Do you know what a pendulum is? It's just a small object at the end of a string that oscillates back and forth due to gravity. As you could probably guess, this is also a sort of simple harmonic motion, though only for certain cases. The oscillatory motion of a pendulum is very similar to rotation, so we will be using techniques of torque rather than just force analysis.
Our first kind of pendulum is a simple pendulum, consisting of a small point object hung by a massless string of some length that is set to oscillate. As the name suggests, it is the most simple kind of pendulum we'll be talking about here.
Figure 1: The existence of a simple pendulum implies the existence of a complex pendulum. The simple pendulum can be analyzed using forces. At each point in the pendulum's motion, the string will make some angle $\theta$ with the vertical. Gravity is the only force that causes a torque about the pivot point in the ceiling and causes the bob to rotate, so we can figure out the torque due to gravity in terms of the bob's mass $m$, the angle $\theta$ and the string length $L$. Only the perpendicular component causes a torque.
$$ \tau = - mg \sin \theta L $$ $$ mL^2 \alpha = - mg \sin \theta L $$ $$ \alpha = - \dfrac{g}{L} \sin \theta $$ We have angular acceleration related to angular position, but it's not in the exact form $\alpha = - \omega ^2 \theta $ needed for simple harmonic motion. We next want to use an approximation technique, where we can approximate $\sin \theta \approx \theta $ for small angles, typically angles less than $15 \degree$. If you've noticed, we are actually just taking the first term in the Taylor expansion for $\sin \theta$ as an approximation.
What this means is that the pendulum is actually not perfectly simple harmonic in nature, but rather can deviate quite a bit from traditional simple harmonic motion if the angles are large! Most of the time, we will deal with small angles, so the motion is very close to simple harmonic in nature and is just approximated as simple harmonic. After we do the approximation, we are left with the new equation:
$$ \alpha = - \dfrac{g}{L} \theta $$ From this, we can conclude that:
$$ \omega = \sqrt{\dfrac{g}{L} } $$ This result holds for a simple pendulum set to oscilalte at small angles. Of course, this lets us write the period and frequency as well.

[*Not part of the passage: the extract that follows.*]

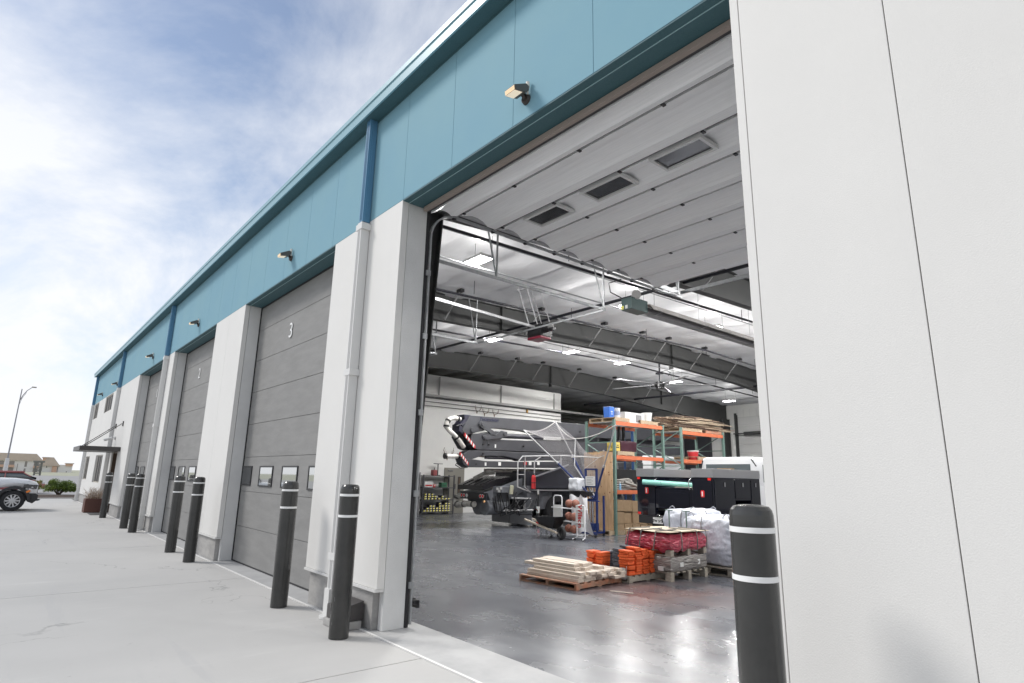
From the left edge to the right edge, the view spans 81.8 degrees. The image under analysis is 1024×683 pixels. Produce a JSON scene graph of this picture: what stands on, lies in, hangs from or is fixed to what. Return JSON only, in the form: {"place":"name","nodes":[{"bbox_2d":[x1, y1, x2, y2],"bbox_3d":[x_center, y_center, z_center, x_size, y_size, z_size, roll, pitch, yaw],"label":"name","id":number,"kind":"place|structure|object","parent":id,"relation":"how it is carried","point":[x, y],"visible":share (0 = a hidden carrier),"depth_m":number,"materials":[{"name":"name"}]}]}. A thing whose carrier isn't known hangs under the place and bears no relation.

$$ T = 2\pi \sqrt{\dfrac{L}{g} }$$ $$ f = \dfrac{1}{2\pi} \sqrt{\dfrac{g}{L} } $$ Notice that mass is nowhere to be seen. The mass of the object does not affect the oscillation period! The only things you can do to change it are to change the gravity (which is usually unfeasible) or to change the length of the string (which is much more feasible). The math for the pendulum is a bit more complex than for the spring-block oscillator, so I will not go through the entire derivation here. It uses rotational dynamics methods to relate angular acceleration and angular position, then determines the frequency of oscillation from there. The only things in consideration are the gravitational acceleration and the length of the string holding the pendulum bob.
$$ \omega = \sqrt{\dfrac{g}{L} } $$ Once we have that, we can write the period and frequency relatively easily, by folliwng the formulas we were given before.
$$ T = 2\pi \sqrt{\dfrac{L}{g} }$$ $$ f = \dfrac{1}{2\pi} \sqrt{\dfrac{g}{L} } $$ I had stated that this was a type of simple harmonic motion, but that's sort of a lie. See, this kind of motion is only very close to simple harmonic and is approximated as simple harmonic. The approximation is very good if the maximum angle that the pendulum swings up to is less than $15 \degree$, and starts to break down at larger angles. We won't be worrying about that here, though.
Let's see how well you understand pendulums now!
Would the period of oscillation of a pendulum be longer on Earth or on the Moon?
Answer: The oscillation period would be longer on the moon because of reduced gravity there.
How does the pendulum's period change if you increase the initial angle?
Answer: The oscillation period increase due to it having to travel more distance as it swings.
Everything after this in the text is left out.